Work task.
Lines holding the string "boxes" are the ones to copy; find them all in the data.

Supplied entries.
_____

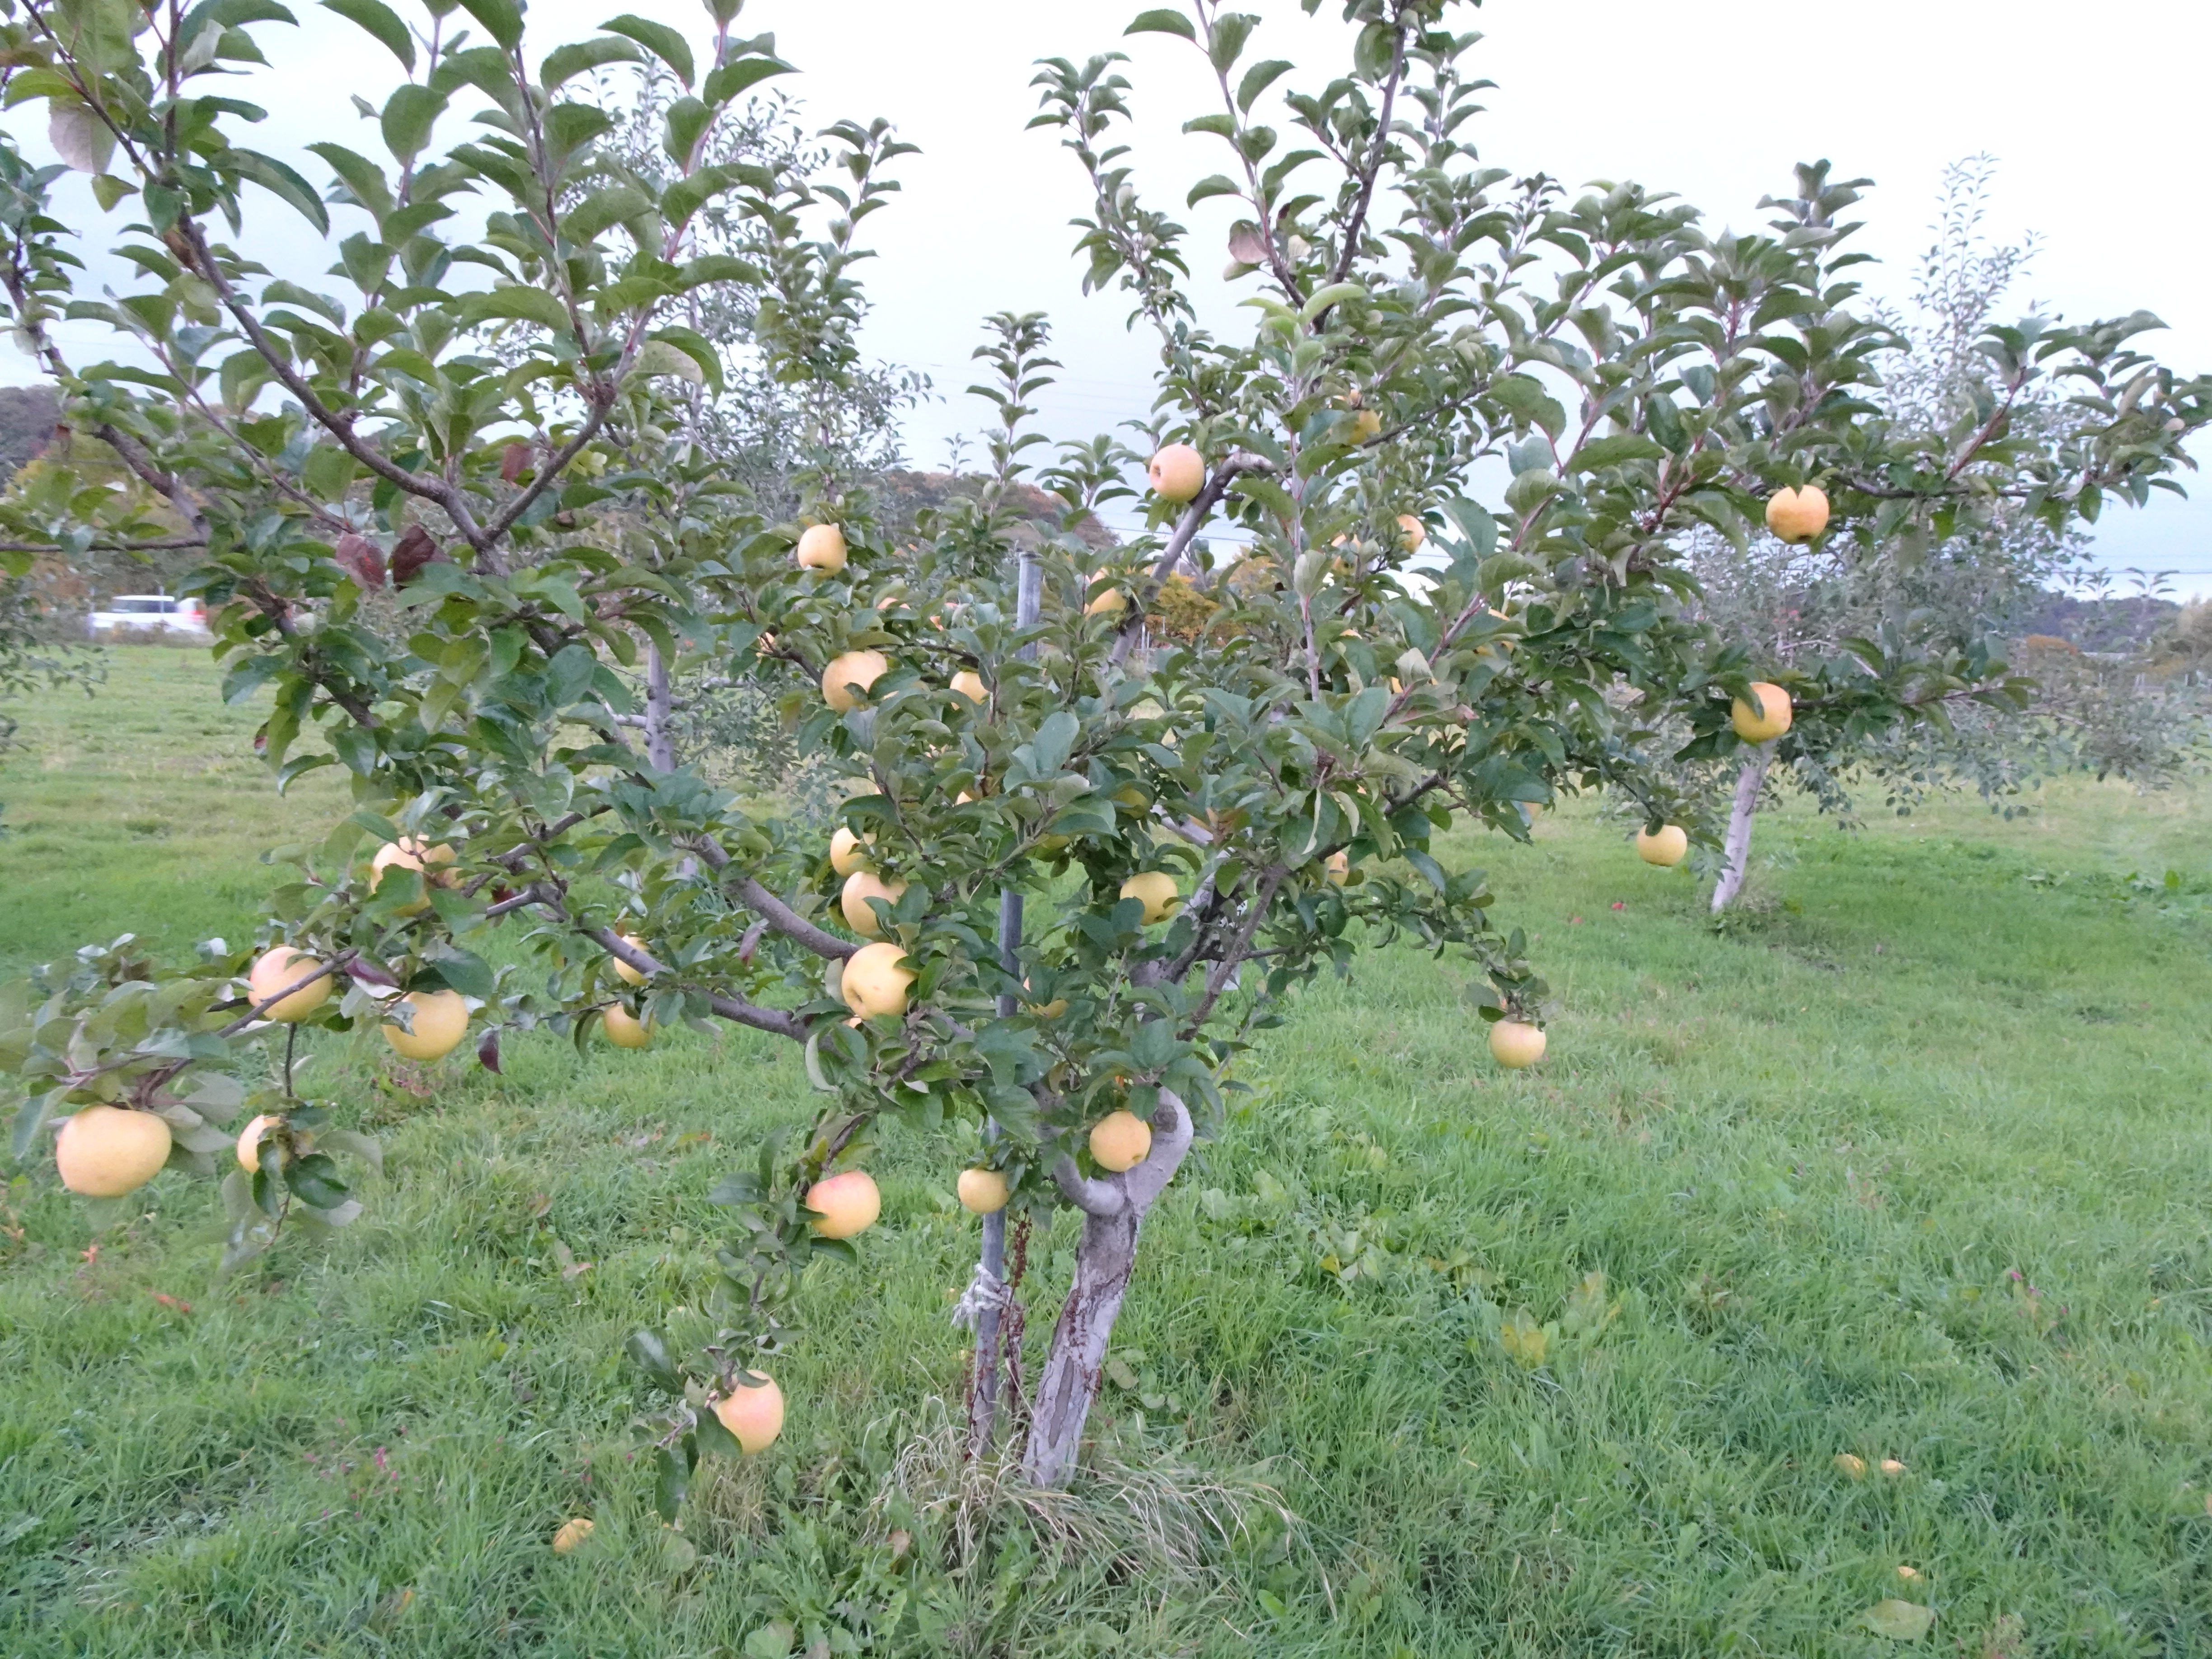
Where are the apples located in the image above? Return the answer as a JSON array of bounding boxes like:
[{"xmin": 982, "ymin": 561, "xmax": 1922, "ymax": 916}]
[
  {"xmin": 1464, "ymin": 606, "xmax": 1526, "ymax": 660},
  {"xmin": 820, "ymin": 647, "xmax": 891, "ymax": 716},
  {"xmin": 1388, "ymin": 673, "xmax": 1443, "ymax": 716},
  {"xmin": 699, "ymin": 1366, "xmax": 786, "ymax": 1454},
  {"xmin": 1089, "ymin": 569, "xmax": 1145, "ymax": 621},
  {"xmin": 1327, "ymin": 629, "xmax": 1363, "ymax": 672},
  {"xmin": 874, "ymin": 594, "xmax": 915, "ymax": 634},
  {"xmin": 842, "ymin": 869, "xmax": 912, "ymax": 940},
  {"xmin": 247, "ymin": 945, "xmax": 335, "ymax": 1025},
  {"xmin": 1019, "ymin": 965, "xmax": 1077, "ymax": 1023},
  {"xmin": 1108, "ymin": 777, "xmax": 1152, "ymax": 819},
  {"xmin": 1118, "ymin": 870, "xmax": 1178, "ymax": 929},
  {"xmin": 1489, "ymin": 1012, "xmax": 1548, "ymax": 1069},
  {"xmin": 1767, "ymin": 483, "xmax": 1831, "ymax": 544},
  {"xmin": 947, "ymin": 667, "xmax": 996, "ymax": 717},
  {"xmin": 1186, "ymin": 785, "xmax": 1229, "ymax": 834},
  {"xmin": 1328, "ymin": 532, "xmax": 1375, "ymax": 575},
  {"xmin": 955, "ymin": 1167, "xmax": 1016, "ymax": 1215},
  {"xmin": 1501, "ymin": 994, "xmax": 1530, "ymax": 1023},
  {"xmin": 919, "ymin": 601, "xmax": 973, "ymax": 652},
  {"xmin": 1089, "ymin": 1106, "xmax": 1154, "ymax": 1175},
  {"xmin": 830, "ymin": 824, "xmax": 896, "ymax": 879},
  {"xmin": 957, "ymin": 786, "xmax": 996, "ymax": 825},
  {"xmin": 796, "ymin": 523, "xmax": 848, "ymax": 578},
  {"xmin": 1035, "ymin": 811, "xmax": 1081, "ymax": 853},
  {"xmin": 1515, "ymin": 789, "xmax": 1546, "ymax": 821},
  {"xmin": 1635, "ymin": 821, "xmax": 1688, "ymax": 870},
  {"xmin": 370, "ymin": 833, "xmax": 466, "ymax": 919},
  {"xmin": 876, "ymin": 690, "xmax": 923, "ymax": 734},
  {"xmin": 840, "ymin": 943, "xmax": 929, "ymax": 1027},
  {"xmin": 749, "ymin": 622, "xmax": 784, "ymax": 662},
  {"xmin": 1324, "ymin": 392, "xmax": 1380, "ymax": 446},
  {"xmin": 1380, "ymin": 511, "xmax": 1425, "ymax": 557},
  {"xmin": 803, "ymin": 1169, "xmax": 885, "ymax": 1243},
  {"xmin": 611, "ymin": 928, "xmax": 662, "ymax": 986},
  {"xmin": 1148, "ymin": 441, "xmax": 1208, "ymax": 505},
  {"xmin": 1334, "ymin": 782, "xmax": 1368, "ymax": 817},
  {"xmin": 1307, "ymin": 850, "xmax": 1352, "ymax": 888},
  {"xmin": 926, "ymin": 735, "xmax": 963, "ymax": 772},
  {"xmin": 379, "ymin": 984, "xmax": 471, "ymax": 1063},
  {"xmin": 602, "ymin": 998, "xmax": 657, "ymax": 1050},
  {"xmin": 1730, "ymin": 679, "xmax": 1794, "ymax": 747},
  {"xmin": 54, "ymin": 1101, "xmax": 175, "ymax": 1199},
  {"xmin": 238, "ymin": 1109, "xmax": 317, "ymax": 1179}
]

_____

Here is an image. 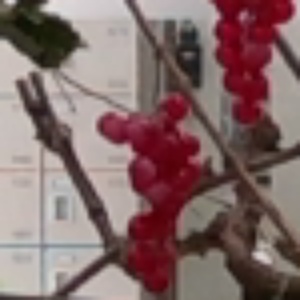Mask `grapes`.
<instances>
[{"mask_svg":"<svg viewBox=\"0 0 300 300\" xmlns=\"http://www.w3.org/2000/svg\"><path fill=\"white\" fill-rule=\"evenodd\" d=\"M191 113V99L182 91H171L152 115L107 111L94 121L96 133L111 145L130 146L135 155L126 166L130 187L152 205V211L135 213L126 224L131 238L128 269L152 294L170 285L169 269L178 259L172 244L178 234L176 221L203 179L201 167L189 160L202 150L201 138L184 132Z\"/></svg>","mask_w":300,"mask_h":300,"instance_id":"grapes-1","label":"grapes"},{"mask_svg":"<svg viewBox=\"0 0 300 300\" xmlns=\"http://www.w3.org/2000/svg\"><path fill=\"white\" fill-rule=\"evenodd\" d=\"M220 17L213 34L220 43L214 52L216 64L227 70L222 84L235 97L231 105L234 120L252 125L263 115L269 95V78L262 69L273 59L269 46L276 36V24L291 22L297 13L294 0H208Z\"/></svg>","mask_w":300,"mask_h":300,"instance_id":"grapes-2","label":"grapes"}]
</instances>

_____

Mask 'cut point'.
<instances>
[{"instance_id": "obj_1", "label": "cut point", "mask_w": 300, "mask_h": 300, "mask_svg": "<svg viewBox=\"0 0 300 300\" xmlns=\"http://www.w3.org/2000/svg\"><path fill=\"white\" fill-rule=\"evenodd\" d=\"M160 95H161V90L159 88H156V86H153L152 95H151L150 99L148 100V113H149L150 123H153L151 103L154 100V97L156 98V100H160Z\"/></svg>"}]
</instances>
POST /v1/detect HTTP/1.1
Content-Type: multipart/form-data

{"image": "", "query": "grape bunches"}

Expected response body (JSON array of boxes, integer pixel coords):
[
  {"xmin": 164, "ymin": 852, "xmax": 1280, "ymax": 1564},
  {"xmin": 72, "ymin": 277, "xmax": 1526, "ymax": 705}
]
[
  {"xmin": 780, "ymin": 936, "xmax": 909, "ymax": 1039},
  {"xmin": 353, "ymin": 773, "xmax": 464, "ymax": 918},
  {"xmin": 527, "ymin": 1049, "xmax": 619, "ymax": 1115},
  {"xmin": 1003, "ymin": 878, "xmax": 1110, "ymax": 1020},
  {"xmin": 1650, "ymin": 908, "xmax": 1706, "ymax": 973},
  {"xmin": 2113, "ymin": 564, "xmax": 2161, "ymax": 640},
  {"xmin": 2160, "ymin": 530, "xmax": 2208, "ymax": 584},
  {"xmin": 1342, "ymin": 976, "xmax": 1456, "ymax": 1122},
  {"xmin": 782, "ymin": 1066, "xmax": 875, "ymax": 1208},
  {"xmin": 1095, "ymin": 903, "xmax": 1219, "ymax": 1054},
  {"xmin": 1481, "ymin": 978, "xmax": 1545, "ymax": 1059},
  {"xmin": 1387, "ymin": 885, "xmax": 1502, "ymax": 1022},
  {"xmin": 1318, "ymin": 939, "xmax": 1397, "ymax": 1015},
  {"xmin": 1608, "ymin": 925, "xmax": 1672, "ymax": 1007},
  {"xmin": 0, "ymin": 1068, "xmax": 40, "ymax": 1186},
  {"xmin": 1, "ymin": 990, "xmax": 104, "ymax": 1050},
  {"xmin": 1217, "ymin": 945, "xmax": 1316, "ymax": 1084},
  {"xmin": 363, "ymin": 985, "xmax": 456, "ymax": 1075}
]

_____

Response for this exercise.
Where are the apples located in the image above? Return the answer as a JSON array of bounding boxes like:
Expected response body (JSON array of boxes, integer pixel coords):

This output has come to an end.